Angesichts der noch geringen Zulassungszahlen von Hybrid- und Elektrofahrzeugen überrascht es nicht, dass auch schwere Unfälle mit Beteiligung solcher Fahrzeuge bisher vergleichsweise selten vorkommen. Dennoch müssen sich Polizeibehörden, medizinisches Rettungspersonal, Abschleppdienste und nicht zuletzt die Feuerwehren auf solche Szenarien vorbereiten: Müssen etwa Techniken angepasst werden, um eingeschlossene Personen aus einem Unfallfahrzeug zu befreien? Und was kommt speziell im Fall eines Fahrzeugbrandes auf die Feuerwehren zu?
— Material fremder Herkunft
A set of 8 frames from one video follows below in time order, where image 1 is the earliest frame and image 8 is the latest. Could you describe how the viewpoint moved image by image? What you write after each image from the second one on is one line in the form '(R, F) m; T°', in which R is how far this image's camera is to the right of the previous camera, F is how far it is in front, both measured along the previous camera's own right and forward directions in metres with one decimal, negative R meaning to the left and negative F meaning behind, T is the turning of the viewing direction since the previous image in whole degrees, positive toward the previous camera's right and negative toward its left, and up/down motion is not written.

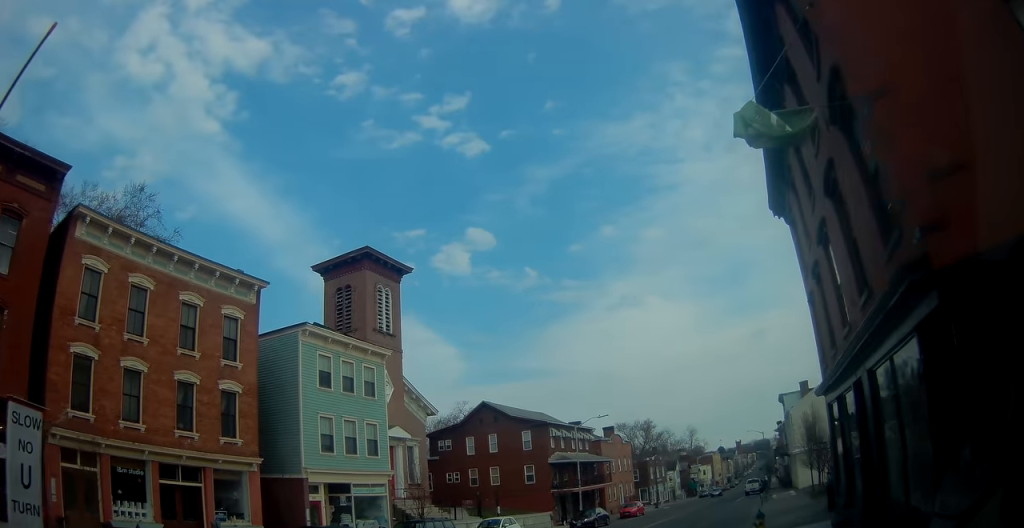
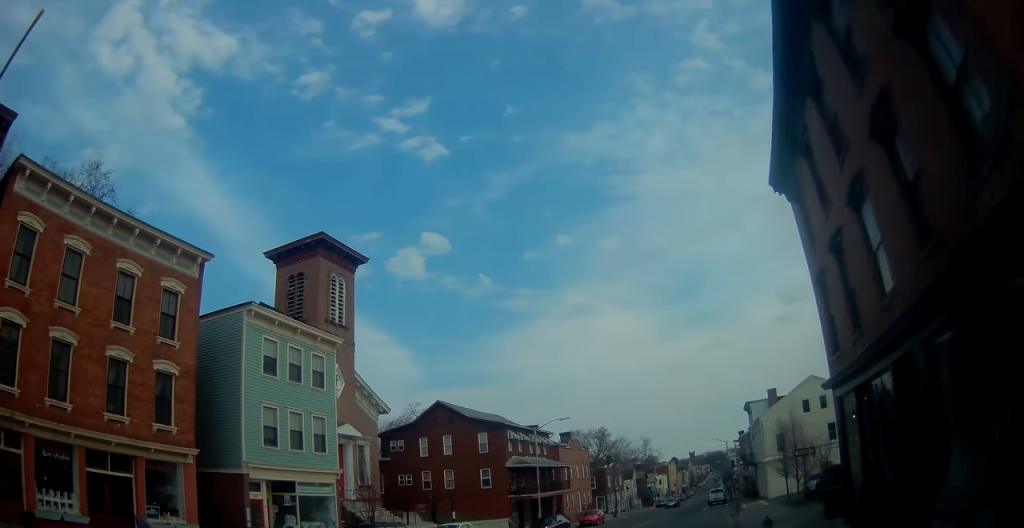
(-0.3, +2.5) m; +4°
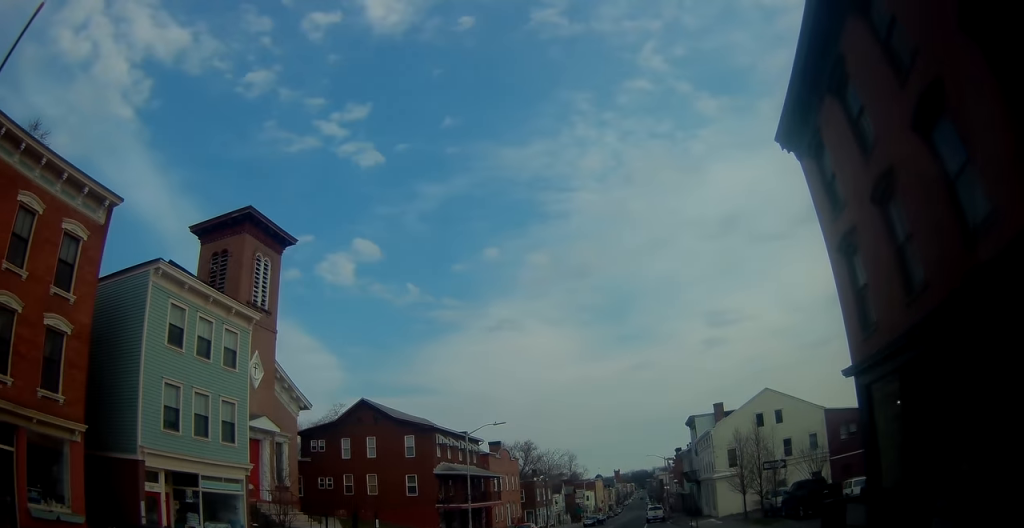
(+0.6, +3.6) m; +12°
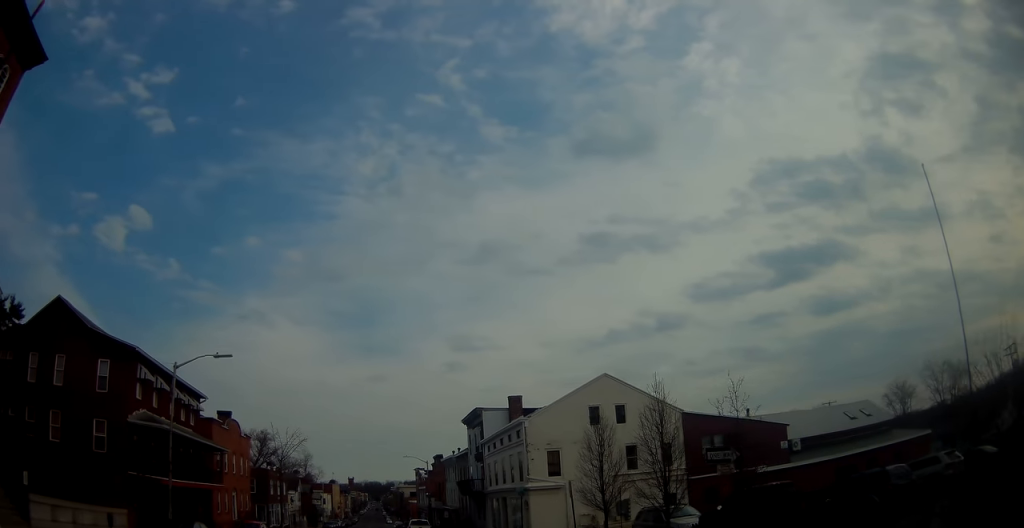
(+3.4, +13.8) m; +22°
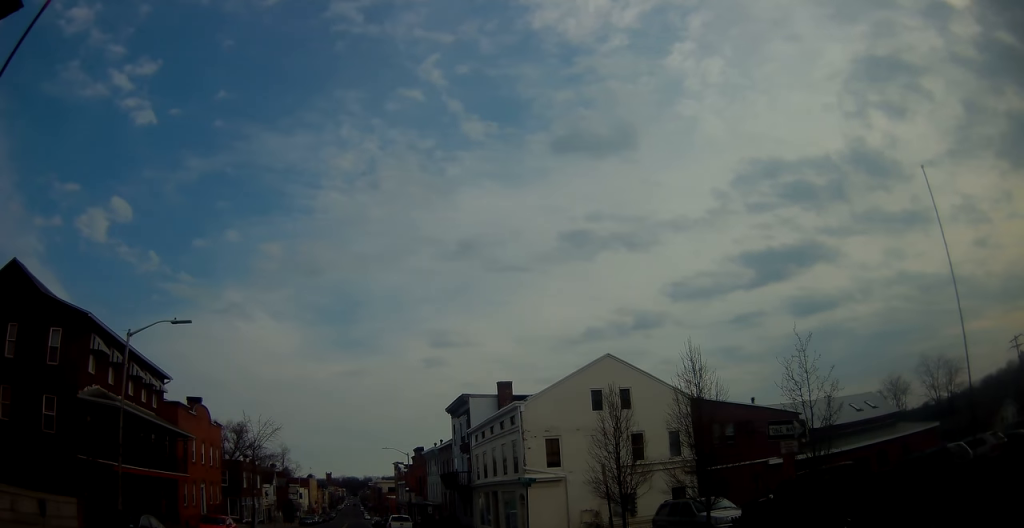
(+0.1, +3.4) m; +2°
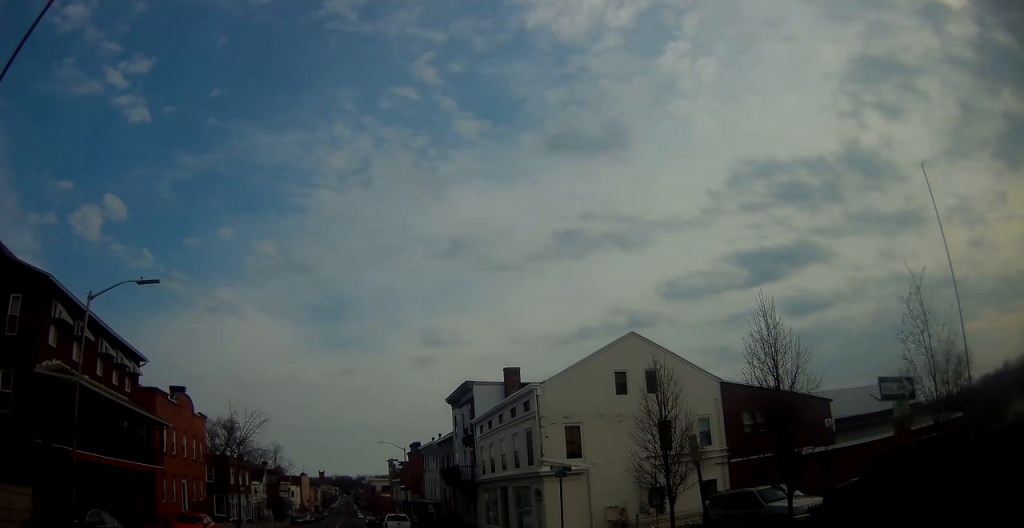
(0.0, +3.5) m; +2°
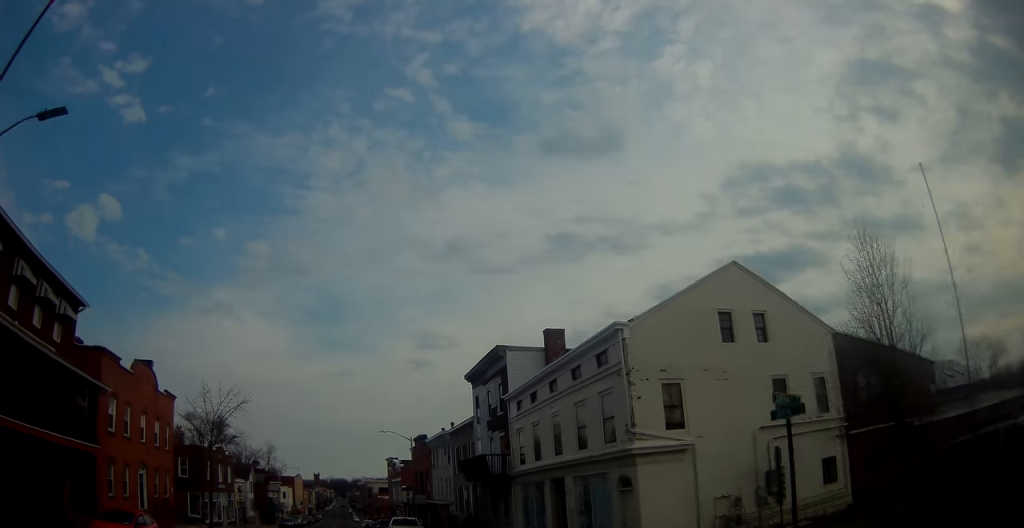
(+0.3, +8.2) m; 0°
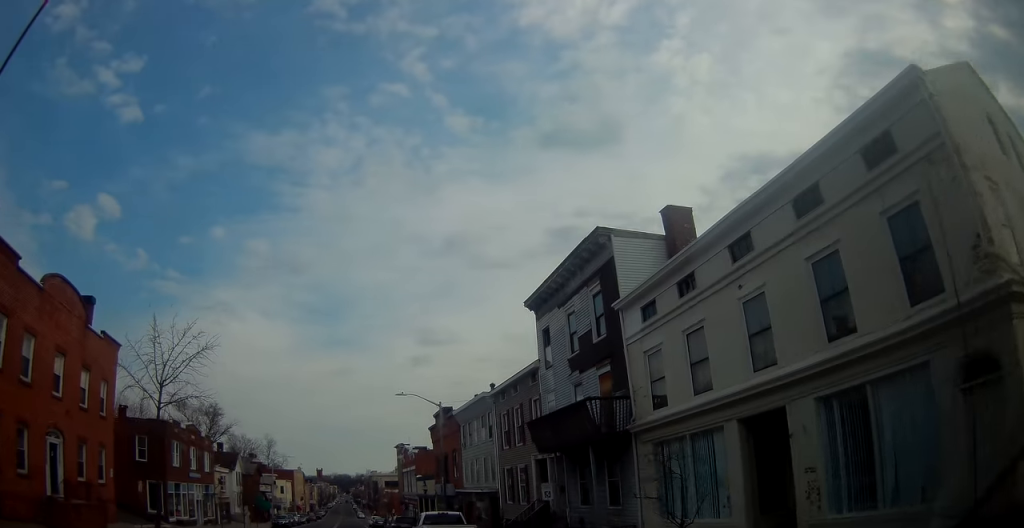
(-0.3, +11.9) m; 0°

Ob ein solches Feuer mit denselben Mitteln bekämpft werden kann wie der Brand eines konventionellen Fahrzeugs, ob Wasser das richtige Löschmittel ist, ob und unter welchen Umständen womöglich Explosionsgefahr besteht - zu all diesen Fragen gab es bisher viele Diskussionen und teils wilde Gerüchte, jedoch kaum fundierte Informationen. Brandversuche hatten in der Vergangenheit im Wesentlichen auf Basis einzelner Zellen stattgefunden. Aussagekräftige veröffentlichte Versuche mit ganzen Batteriepacks fehlten. In Zusammenarbeit mit einem Fahrzeughersteller führten Dekra-Experten im Sommer 2012 mehrere Brandversuche mit Lithium-Ionen-Traktionsbatterien durch.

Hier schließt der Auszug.